Check the model assumptions of the final model you have chosen in the previous exercise.

model_final <- lmer(mathgain~ ses + mathkind  + (1|schoolid/classid), data=siiData)

# Residuals vs. Fitted Values Plot (Tests Equal Variance)
plot(model_final, 
     main = "Residuals vs. Fitted Values",
     xlab = "Fitted Values", ylab = "Residuals")

# Q-Q Plot of Residuals (Tests Normality of Residuals)
qqnorm(resid(model_final), main = "Normal Q-Q Plot: Residuals")
qqline(resid(model_final), col = "red")

# Extract Empirical Bayes estimates (random effects)
eb_estimates <- ranef(model_final)

# Histogram to check for Class-level outliers
ggplot(mapping = aes(x = eb_estimates$classid[[1]])) +
  geom_histogram(bins = 30, fill = "lightblue", color = "black") +
  labs(title = "Distribution of Class Random Effects", x = "Class Intercept Deviation")

# Histogram to check for School-level outliers
ggplot(mapping = aes(x = eb_estimates$schoolid[[1]])) +
  geom_histogram(bins = 15, fill = "lightgreen", color = "black") +
  labs(title = "Distribution of School Random Effects", x = "School Intercept Deviation")

# Scatterplot
mapping_df <- unique(siiData[, c("classid", "schoolid")])
mapping_df <- na.omit(mapping_df)

mapping_df$class_eb <- eb_estimates$classid[as.character(mapping_df$classid), 1]
mapping_df$school_eb      <- eb_estimates$schoolid[as.character(mapping_df$schoolid), 1]
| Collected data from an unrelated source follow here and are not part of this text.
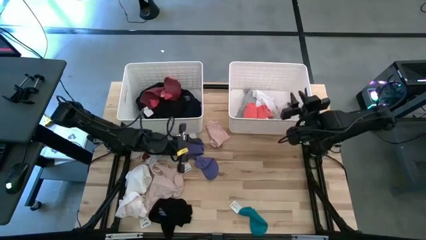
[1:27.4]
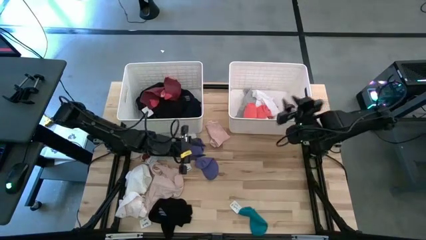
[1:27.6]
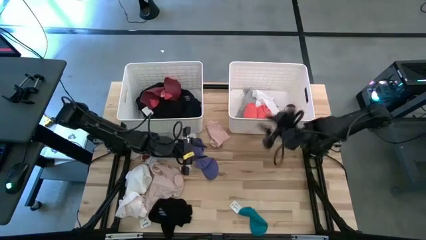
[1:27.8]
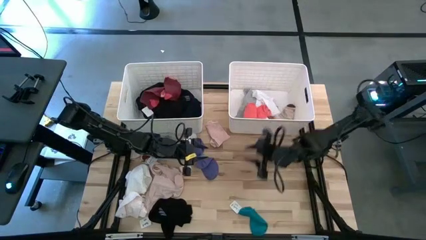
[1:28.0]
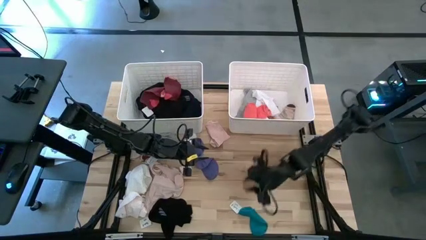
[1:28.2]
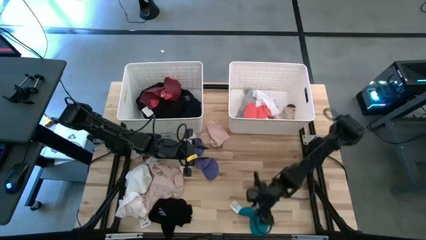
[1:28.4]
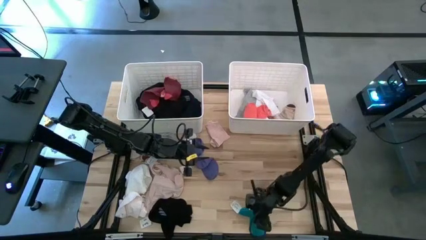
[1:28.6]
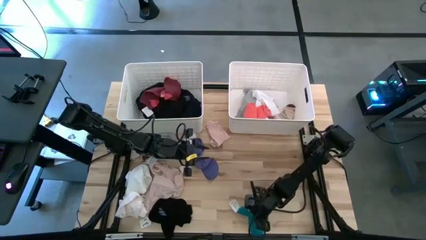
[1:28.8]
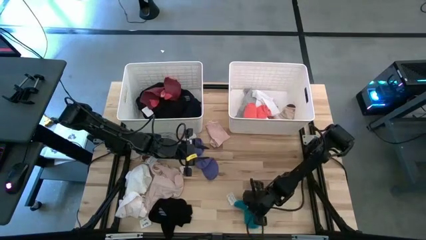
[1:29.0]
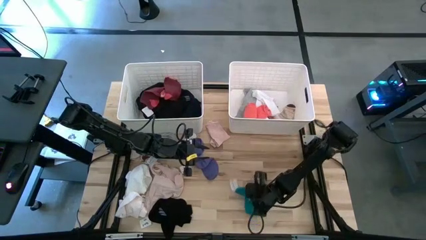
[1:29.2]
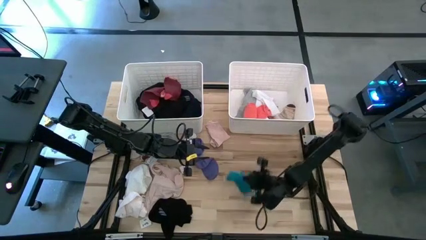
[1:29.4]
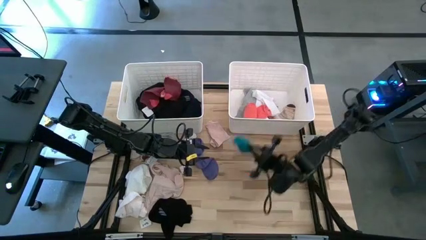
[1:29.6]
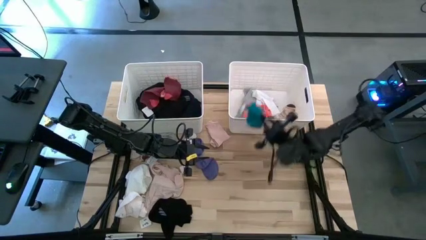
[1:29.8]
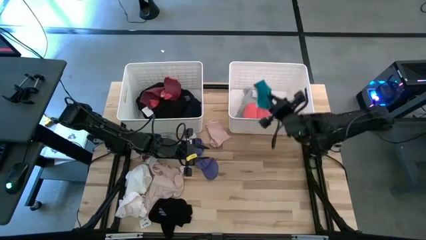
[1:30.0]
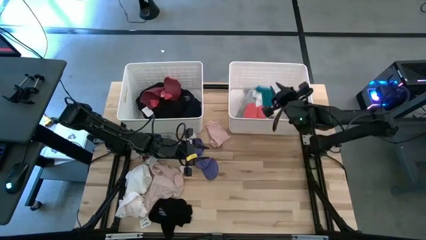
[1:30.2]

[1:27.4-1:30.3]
Put the blue sock into the right white laundry bin

# Plot the relationship between the levels
ggplot(mapping_df, aes(x = school_eb, y = class_eb)) +
  geom_point(alpha = 0.5, color = "darkblue") +
  geom_smooth(method = "lm", color = "red", se = FALSE) +
  labs(title = "Class Effects vs. School Effects", x = "School Random Effect", y = "Class Random Effect")
#> `geom_smooth()` using formula = 'y ~ x'
#> Warning: Removed 31 rows containing non-finite outside the scale range
#> (`stat_smooth()`).
#> Warning: Removed 31 rows containing missing values or values outside the scale range
#> (`geom_point()`).

  • Linearity - Residuals vs. Fitted values - There is no clear trend in the points, so linearity is fulfilled.
  • Homoscedasticity - Residuals vs. Fitted values - The point are evenly distributed around 0, so constant variance is fulfilled.
  • Normality - QQplot - The points follow the diagonal line nicely, so normality of the residuals is fulfilled.
  • Outliers - Histogram of EB estimates - There might be some outlying values to be investigated.
  • Relationship between random effects - Scatterplot of EB values - There is a clear trend between the random effects, indicating that there is strong correlation between the random effects.